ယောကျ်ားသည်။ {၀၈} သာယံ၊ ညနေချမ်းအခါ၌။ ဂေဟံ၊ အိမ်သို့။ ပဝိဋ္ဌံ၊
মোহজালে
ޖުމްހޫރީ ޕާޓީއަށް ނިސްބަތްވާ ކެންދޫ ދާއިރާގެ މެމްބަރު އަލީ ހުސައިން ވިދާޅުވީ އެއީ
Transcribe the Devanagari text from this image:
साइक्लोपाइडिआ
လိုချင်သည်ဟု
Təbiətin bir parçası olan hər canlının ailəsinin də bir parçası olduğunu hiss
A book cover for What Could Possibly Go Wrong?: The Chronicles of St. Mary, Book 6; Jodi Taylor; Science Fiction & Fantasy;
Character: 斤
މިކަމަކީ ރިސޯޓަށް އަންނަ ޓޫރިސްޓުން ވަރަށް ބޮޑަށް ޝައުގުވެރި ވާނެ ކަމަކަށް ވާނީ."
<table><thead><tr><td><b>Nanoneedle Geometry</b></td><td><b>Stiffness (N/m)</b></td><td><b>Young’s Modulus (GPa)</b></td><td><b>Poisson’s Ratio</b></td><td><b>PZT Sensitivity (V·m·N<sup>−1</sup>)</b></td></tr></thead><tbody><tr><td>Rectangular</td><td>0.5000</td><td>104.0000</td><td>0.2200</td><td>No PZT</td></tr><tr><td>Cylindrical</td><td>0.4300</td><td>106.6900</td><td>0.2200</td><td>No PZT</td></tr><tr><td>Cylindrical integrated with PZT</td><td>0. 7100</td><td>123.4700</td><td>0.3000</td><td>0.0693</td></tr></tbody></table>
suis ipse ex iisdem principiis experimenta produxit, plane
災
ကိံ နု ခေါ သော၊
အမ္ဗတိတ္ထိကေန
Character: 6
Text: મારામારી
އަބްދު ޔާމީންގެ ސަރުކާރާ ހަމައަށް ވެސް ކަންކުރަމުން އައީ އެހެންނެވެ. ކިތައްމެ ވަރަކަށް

§ §

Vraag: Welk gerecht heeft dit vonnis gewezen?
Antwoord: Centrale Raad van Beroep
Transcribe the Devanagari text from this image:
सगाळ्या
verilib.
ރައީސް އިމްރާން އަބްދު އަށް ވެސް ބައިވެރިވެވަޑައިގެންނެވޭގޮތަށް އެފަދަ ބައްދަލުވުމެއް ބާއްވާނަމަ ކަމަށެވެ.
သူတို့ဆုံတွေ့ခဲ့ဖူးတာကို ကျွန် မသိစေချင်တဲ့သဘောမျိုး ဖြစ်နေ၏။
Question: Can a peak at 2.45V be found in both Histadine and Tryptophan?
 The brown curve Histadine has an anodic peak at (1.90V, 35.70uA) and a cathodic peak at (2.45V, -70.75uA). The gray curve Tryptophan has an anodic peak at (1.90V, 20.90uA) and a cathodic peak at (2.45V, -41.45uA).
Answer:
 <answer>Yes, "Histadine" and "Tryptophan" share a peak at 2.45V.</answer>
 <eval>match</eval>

§ §

Of the lines above, output exactly those from the line bearing "Vraag: Welk gerecht heeft dit vonnis gewezen?" through the line bearing "Question: Can a", inclusive.

Vraag: Welk gerecht heeft dit vonnis gewezen?
Antwoord: Centrale Raad van Beroep
Transcribe the Devanagari text from this image:
सगाळ्या
verilib.
ރައީސް އިމްރާން އަބްދު އަށް ވެސް ބައިވެރިވެވަޑައިގެންނެވޭގޮތަށް އެފަދަ ބައްދަލުވުމެއް ބާއްވާނަމަ ކަމަށެވެ.
သူတို့ဆုံတွေ့ခဲ့ဖူးတာကို ကျွန် မသိစေချင်တဲ့သဘောမျိုး ဖြစ်နေ၏။
Question: Can a peak at 2.45V be found in both Histadine and Tryptophan?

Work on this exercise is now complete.